Wednesday, June 16, 2010


My brother graduated last weekend along with 4500 classmates. It was a big deal with faculty parading around in their Harry Potter robes representing the institutions where they wrote their dissertations and took their last student loans. The stage was lined with flowers. Trumpets and banners announced swatches of lawyers, doctors, engineers, scientists, teachers and artists, all smiling and waving to the sea of 40,000 moms, dads, siblings and friends who filled the lower bowl of the outdoor stadium where the event was held. Loved ones proudly watched from a distance, searching the mass of black robes and colored sashes for the child they remember, now officially on the brink of adulthood. Everything about the event was moving.

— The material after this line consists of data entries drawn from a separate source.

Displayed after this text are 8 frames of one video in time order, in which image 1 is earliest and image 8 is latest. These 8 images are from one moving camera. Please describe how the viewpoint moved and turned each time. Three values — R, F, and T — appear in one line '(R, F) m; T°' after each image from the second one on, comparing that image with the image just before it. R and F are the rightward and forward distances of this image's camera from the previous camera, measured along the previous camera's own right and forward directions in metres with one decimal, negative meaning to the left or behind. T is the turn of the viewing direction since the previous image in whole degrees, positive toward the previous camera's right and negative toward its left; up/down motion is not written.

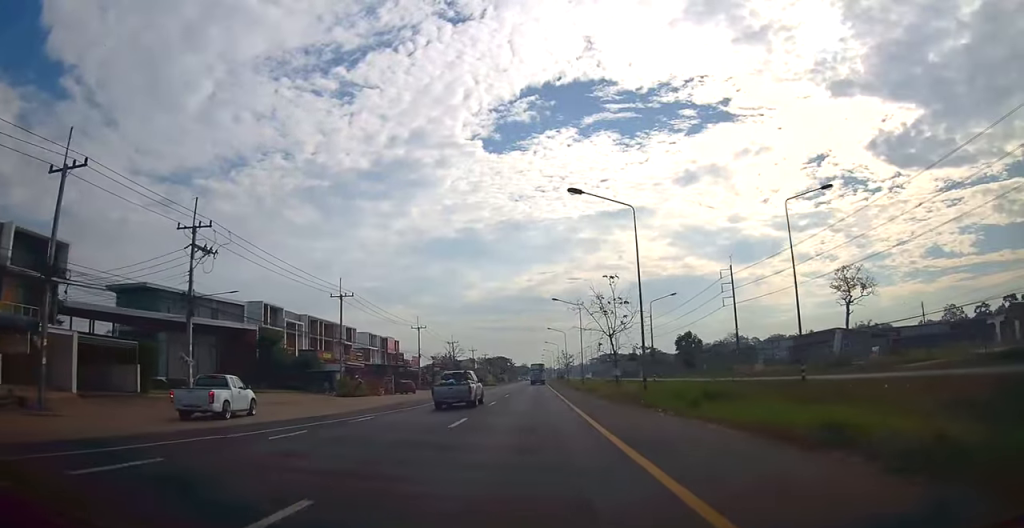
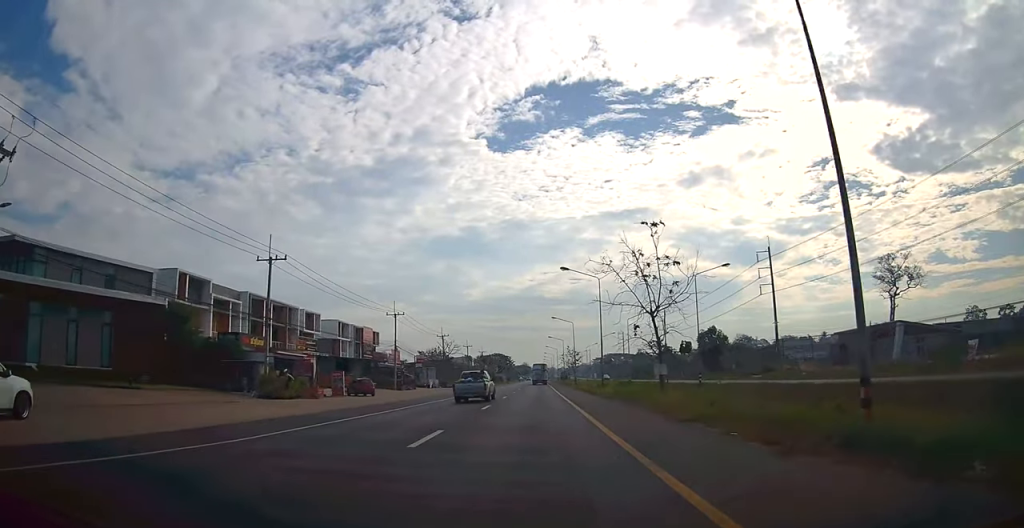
(-0.1, +16.7) m; 0°
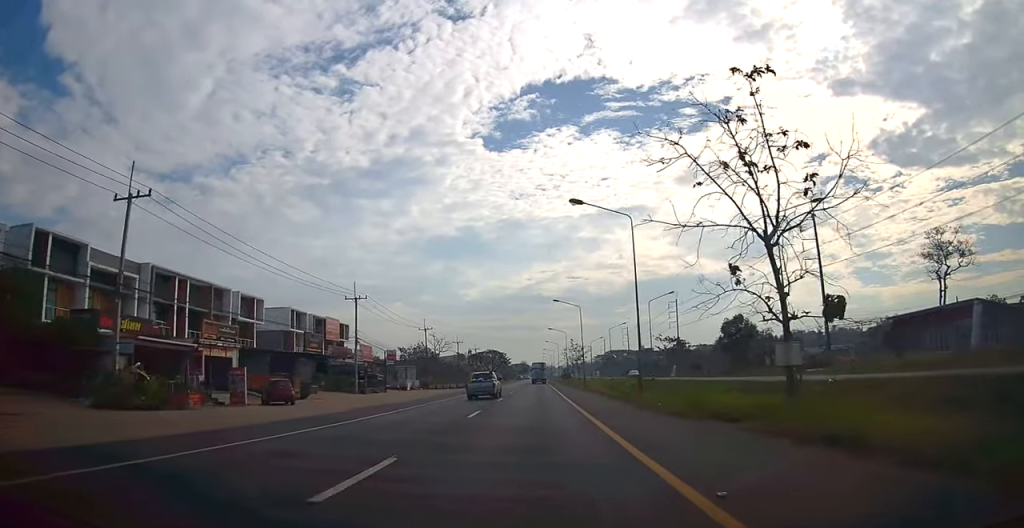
(0.0, +16.3) m; -1°
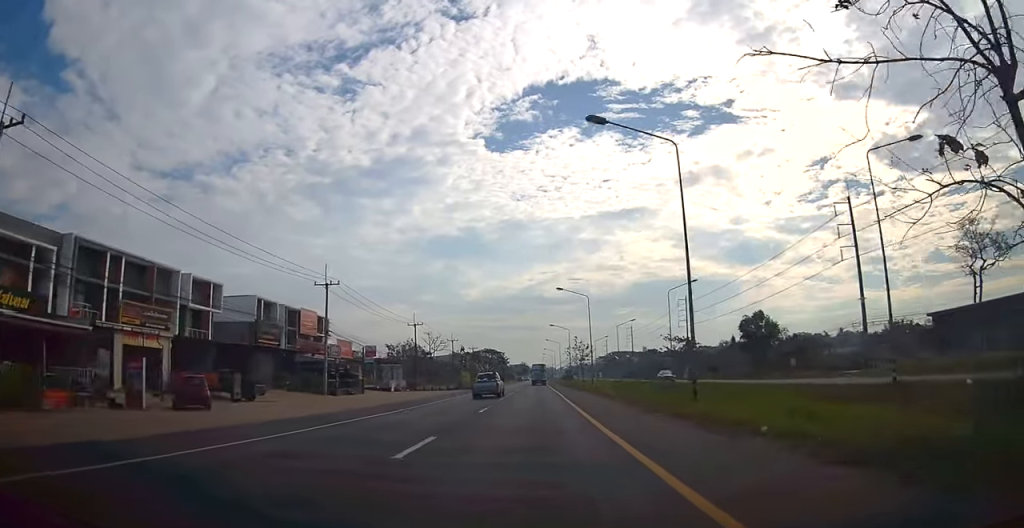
(-0.1, +9.1) m; +1°
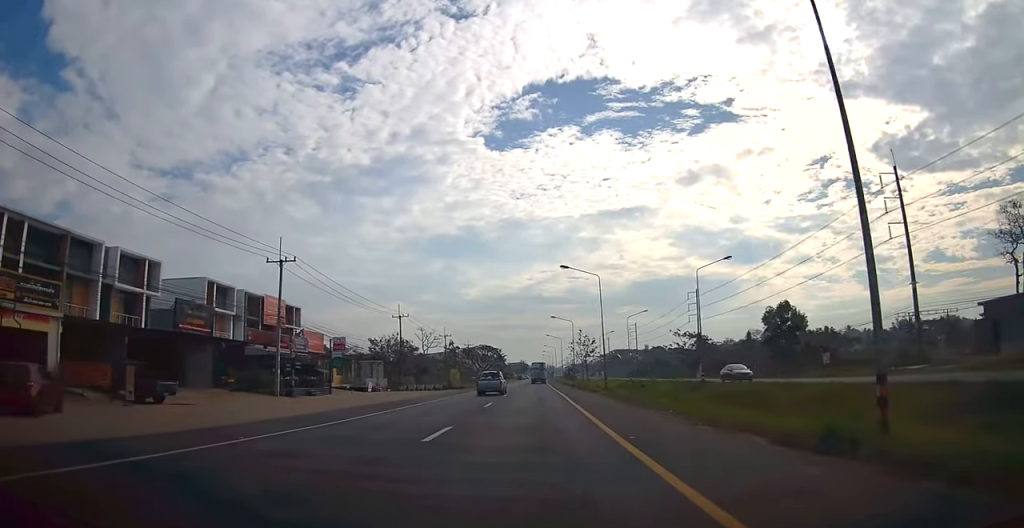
(-0.3, +10.0) m; +1°
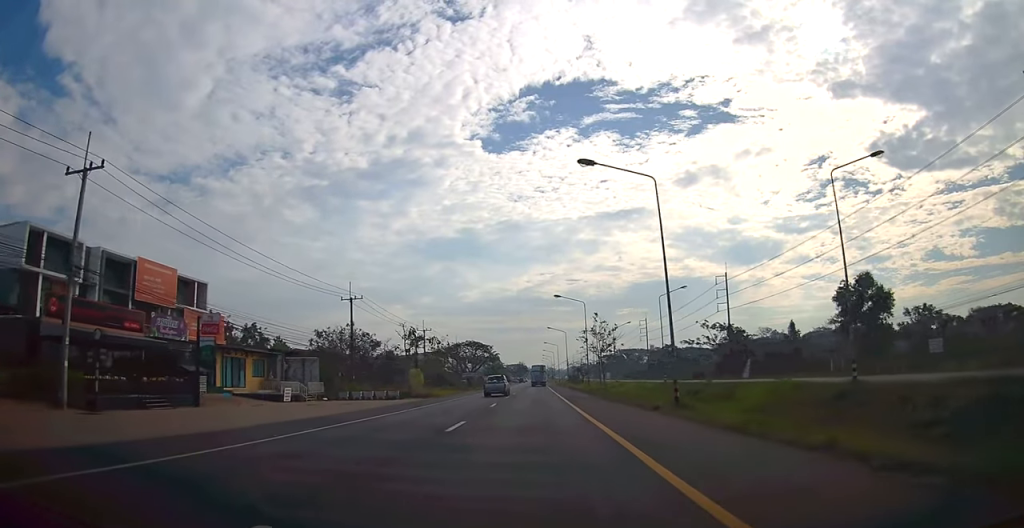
(+0.8, +21.8) m; +1°
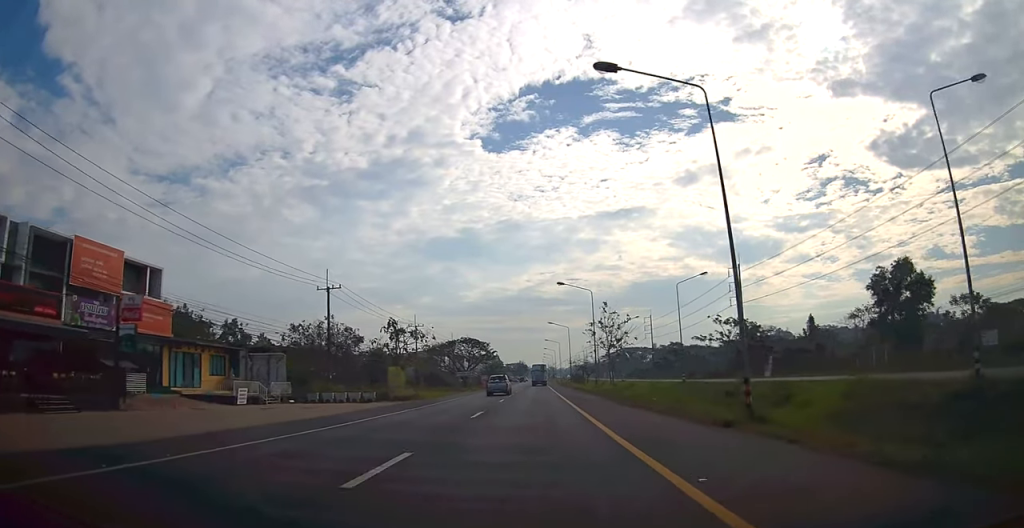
(-0.2, +7.2) m; -1°
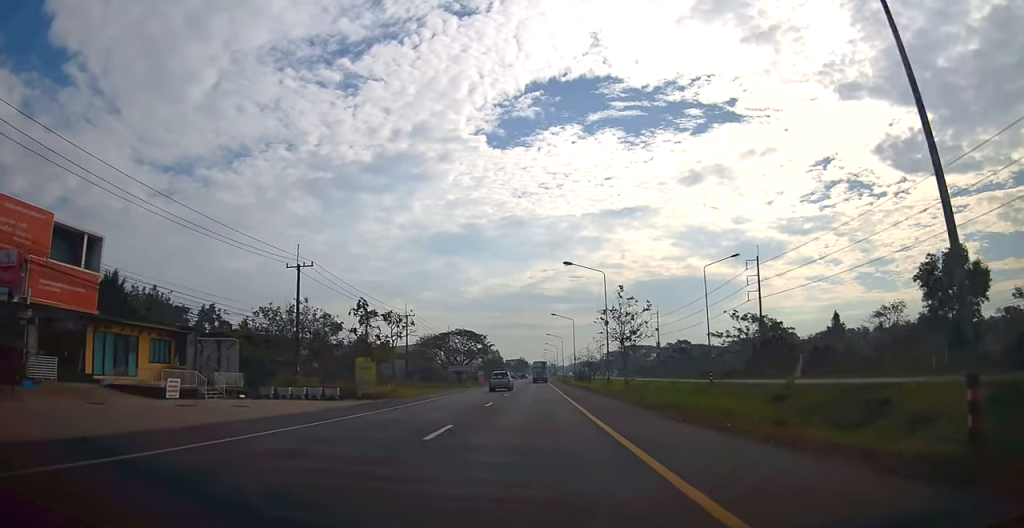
(-0.1, +7.8) m; 0°

I spent most of my time on the concourse chasing the kids and people watching. Well-dressed spectators came and went, carrying balloons and buying lemonade, representing at least dozens of countries and languages; all proud of their respective graduates, heads high, even when shoulders sloped under the invisible burden of long hours worked to pay for education and its expensive dreams. My parents were no exception, leaning forward for hours, looking for my brother through the telephoto lens of their digital camera.

Their excitement was beautiful, speaking to me of the importance of seeing a thing through to the end. It is important that we run with perseverance the race set out before us. And on that day, when we break the tape with fists pumped in victory, they will be in the stands- parents, friends, children, watching us proudly, and with tears, even if from a distance. Even if we look like all the others receiving diplomas. Even if it takes us an extra year and costs more than we originally thought.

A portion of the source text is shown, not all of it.